Rachel Sparks, B.A., Paul J. Lombroso, M.D., and Jeffrey R. Gruen, M.D.

An estimated 100,000 genes lie on our 46 chromosomes. One third of these are thought to be specifically expressed in our brains at different periods over the course of our lives. Over the past few years, a small but growing number of genes have been cloned. Mutations in a number of these genes lead to a disruption of the normal CNS development. The ability to isolate genes is probably one of the most important recent achievements in neuroscience. This is a necessary first step before investigators are able to understand the normal role of these genes and how their protein products function in our brains. In the next several columns, we will discuss exactly how genes are cloned and how researchers learn more about the structure and function of the proteins they encode.

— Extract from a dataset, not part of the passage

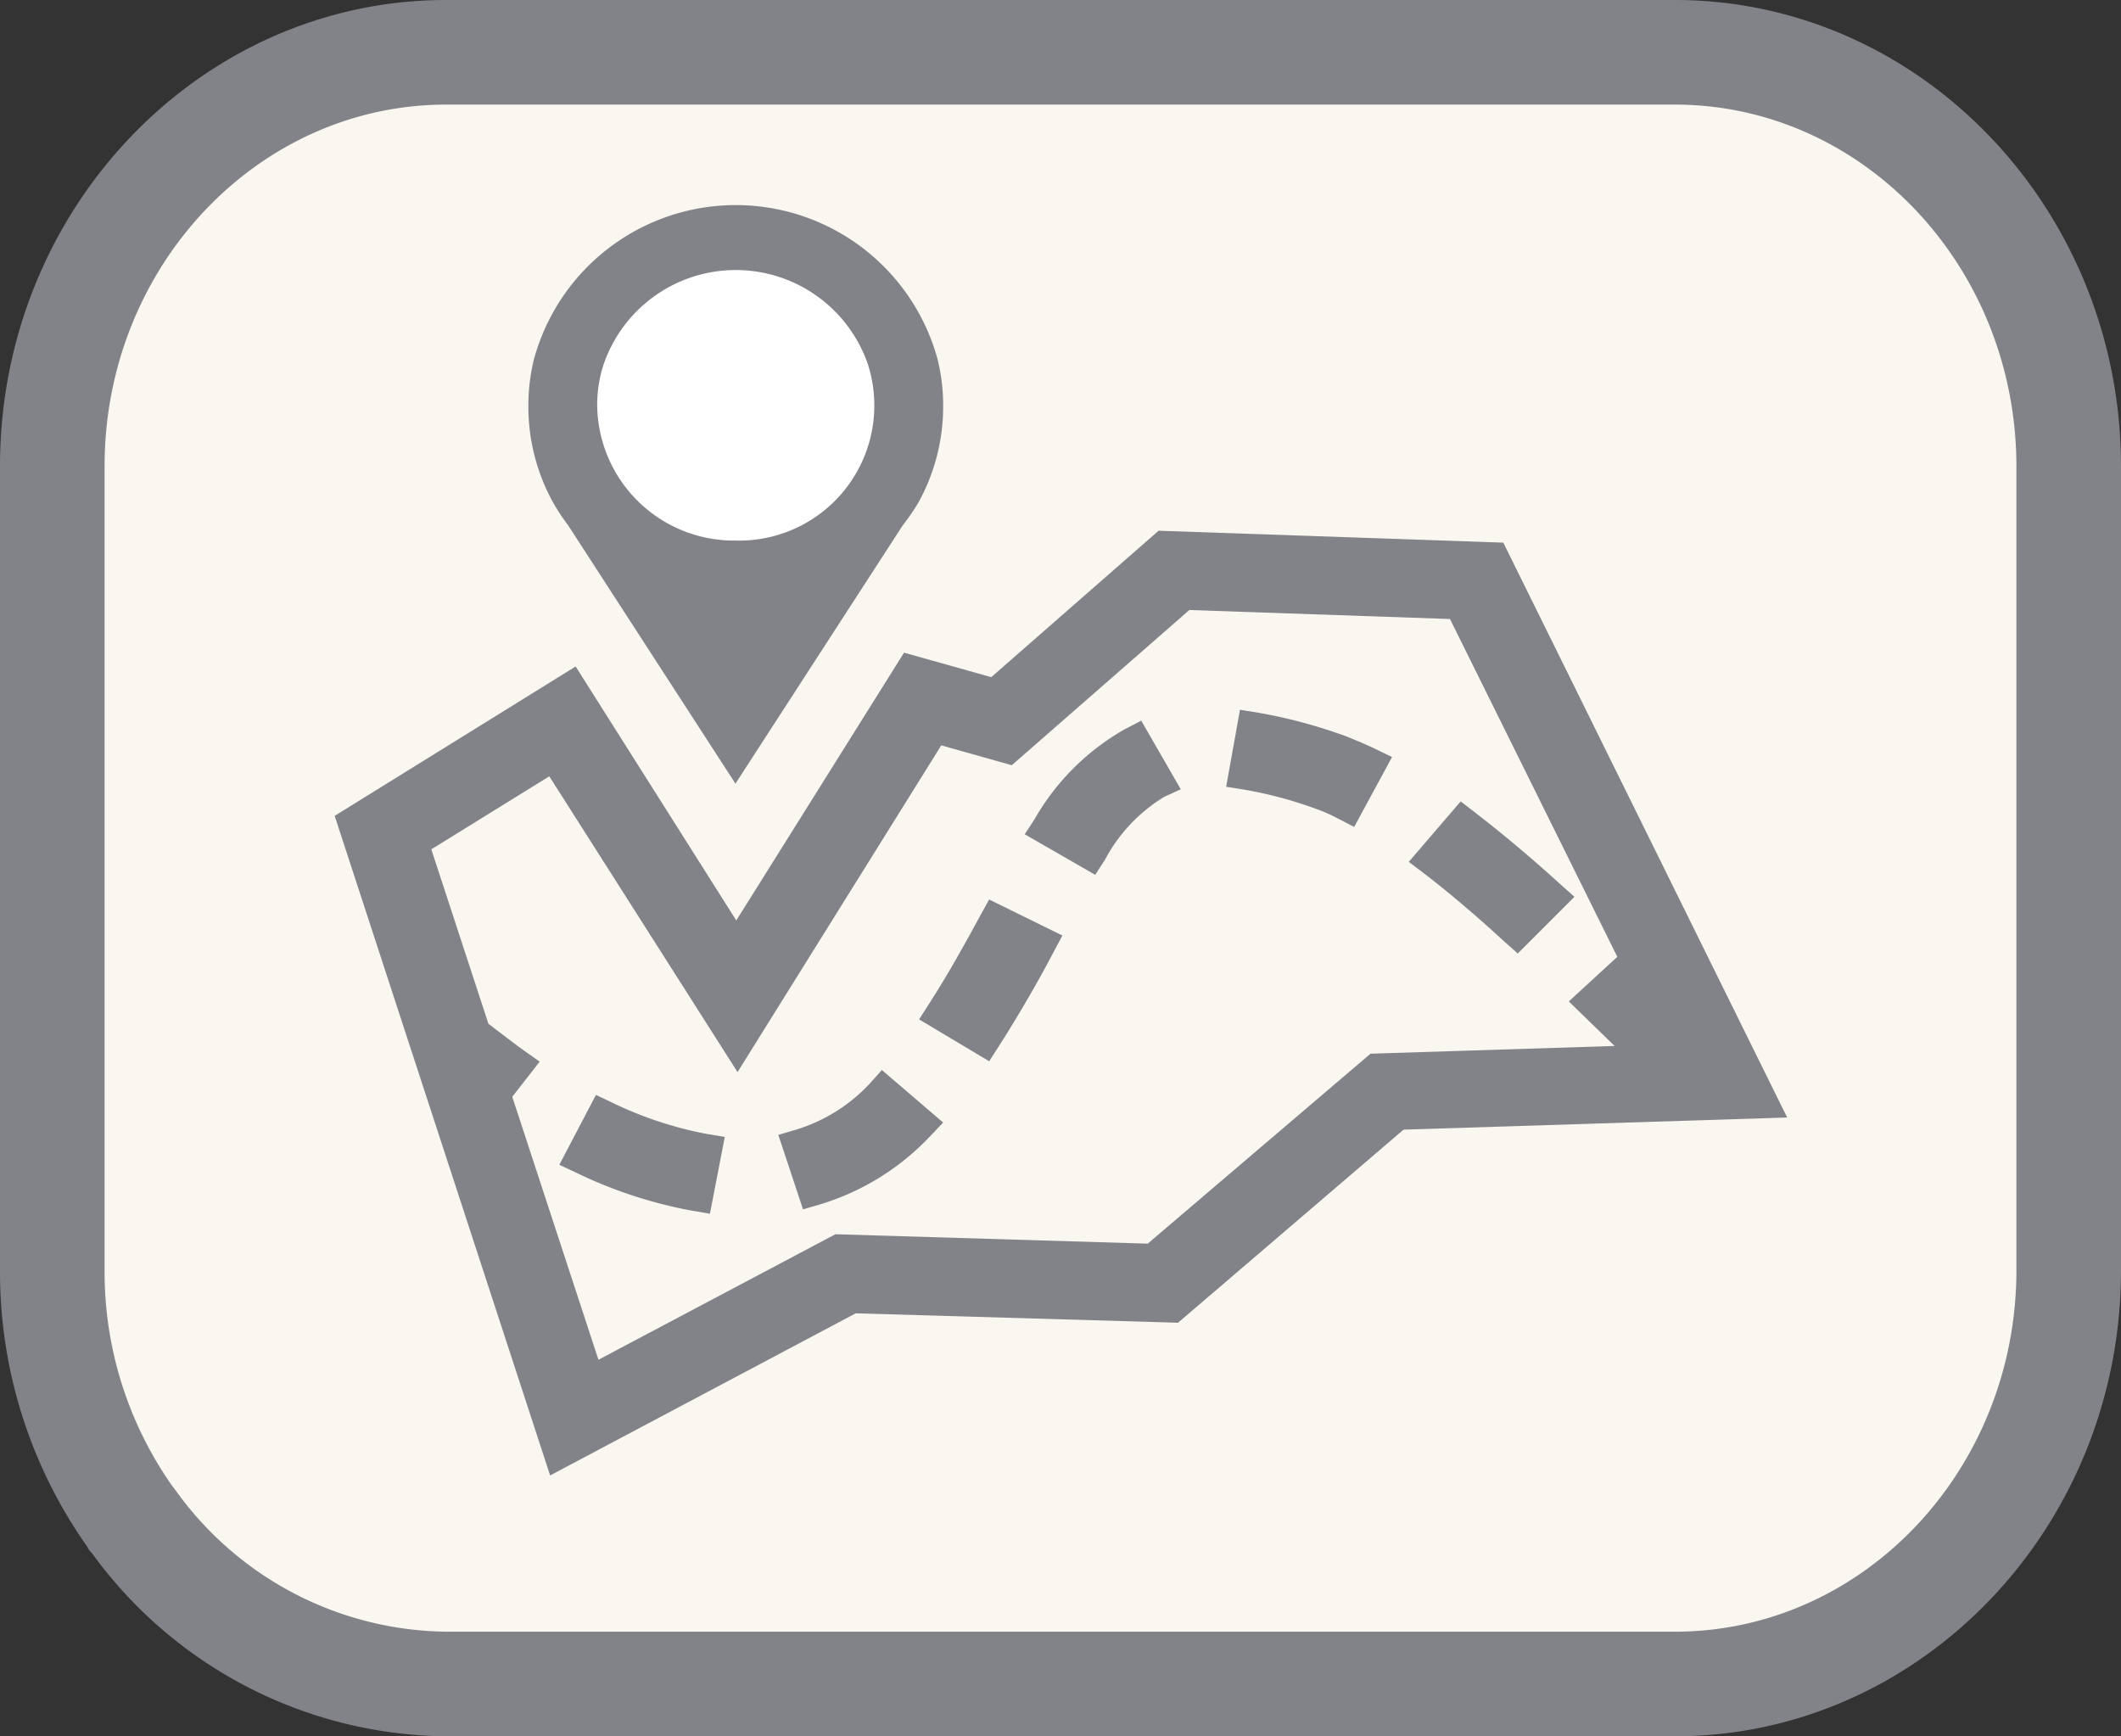 <svg xmlns="http://www.w3.org/2000/svg" viewBox="0 0 101.4 83"><rect x="0" y="0" width="101.4" height="83" fill="#333333" stroke="none"/><defs><style>.cls-1{fill:#faf6f0;}.cls-2{fill:#828388;}.cls-3{fill:#fff;}</style></defs><g id="Layer_2" data-name="Layer 2"><g id="Layer_1-2" data-name="Layer 1"><g id="map"><path class="cls-1" d="M80.07,2.5H21.33C11,2.5,2.5,11.37,2.5,22.28V60.73A20.25,20.25,0,0,0,6.26,72.56l0,0,0,0a18.65,18.65,0,0,0,15,7.88H80.07c10.38,0,18.83-8.87,18.83-19.78V22.28C98.89,11.37,90.45,2.5,80.07,2.5Z"/><path class="cls-2" d="M80.07,0H21.33C9.57,0,0,10,0,22.28V60.73A22.75,22.75,0,0,0,4.16,73.92l.1.18.14.15A21.16,21.16,0,0,0,21.33,83H80.07c11.76,0,21.33-10,21.33-22.28V22.28C101.39,10,91.82,0,80.07,0ZM96.4,60.72C96.4,70.25,89.08,78,80.07,78H21.33A16.14,16.14,0,0,1,8.4,71.25L8.21,71A17.78,17.78,0,0,1,5,60.73V22.28C5,12.75,12.33,5,21.33,5H80.07c9,0,16.32,7.75,16.33,17.28Z"/><path class="cls-2" d="M44.83,17.2a10,10,0,0,0-19.31,0,9.31,9.31,0,0,0-.26,2.19A9.48,9.48,0,0,0,26.43,24a10.11,10.11,0,0,0,.73,1.11l8,12.35,8-12.35A10.11,10.11,0,0,0,43.92,24a9.48,9.48,0,0,0,1.17-4.58A9.19,9.19,0,0,0,44.83,17.2Z"/><path class="cls-3" d="M35.17,25.84a6.54,6.54,0,0,1-6.62-6.46,6.25,6.25,0,0,1,.3-1.94,6.68,6.68,0,0,1,12.65,0,6.46,6.46,0,0,1-6.33,8.4Z"/><path class="cls-2" d="M71.87,25.94l-16.48-.57-8,7-4.17-1.17L35.2,44,27.52,31.86,16,39,26.3,70.53l14.61-7.75,15.41.45L67.1,54l18.34-.58ZM28.61,65,24.49,52.43l1.31-1.68-.72-.51c-.43-.3-1-.75-1.73-1.3L20.62,40.6l5.64-3.49,9,14.14L45,35.63l3.37.95,8.49-7.42,12.46.43,8,16.15L75,47.87,77.19,50l-11.67.37L54.87,59.45,39.94,59Z"/><path class="cls-2" d="M71.91,45l.65.58,2.71-2.71-.65-.58c-1.44-1.31-2.78-2.43-4.09-3.44l-.7-.54L67.35,41.2l.7.53C69.19,42.6,70.45,43.66,71.91,45Z"/><path class="cls-2" d="M46.89,43.72c-.73,1.35-1.53,2.8-2.49,4.29l-.46.72,3.35,2,.47-.73c1.09-1.71,2-3.32,2.63-4.53l.4-.75L47.29,43Z"/><path class="cls-2" d="M29.29,52.72l-.8-.38-1.75,3.34.81.38a21.74,21.74,0,0,0,5.51,1.81l.88.15.71-3.67-.89-.15A18.1,18.1,0,0,1,29.29,52.72Z"/><path class="cls-2" d="M41.56,51.82A8,8,0,0,1,38.06,54l-.85.25,1.18,3.56.86-.25a12,12,0,0,0,5.24-3.27l.6-.63-2.93-2.51Z"/><path class="cls-2" d="M56.45,37.73l-1.89-3.28-.79.41a11.52,11.52,0,0,0-4.31,4.3l-.47.72,3.37,1.94.47-.73a7.8,7.8,0,0,1,2.83-3Z"/><path class="cls-2" d="M62.93,38.67a7.59,7.59,0,0,1,1,.44l.81.42,1.81-3.34-.8-.39q-.72-.34-1.47-.63a24.49,24.49,0,0,0-4.12-1.1l-.88-.14-.66,3.68.88.14A19.69,19.69,0,0,1,62.93,38.67Z"/></g></g></g></svg>

Last month, we reviewed how cytogenetic techniques have advanced to the point at which we can actually visualize chromosomal abnormalities such as a deletion. These physical disruptions point to the site on the chromosome that presumably has a mutation that contributes to the observed phenotype in the affected individual. These types of cytogenetic analyses reduce the search for a mutated gene from the several billion nucleotides on our total complement of DNA down to the millions of nucleotides contained within the deleted site. Considerable work remains, however, before the gene of interest is actually isolated, and various methods have been developed over the past decade to do exactly that.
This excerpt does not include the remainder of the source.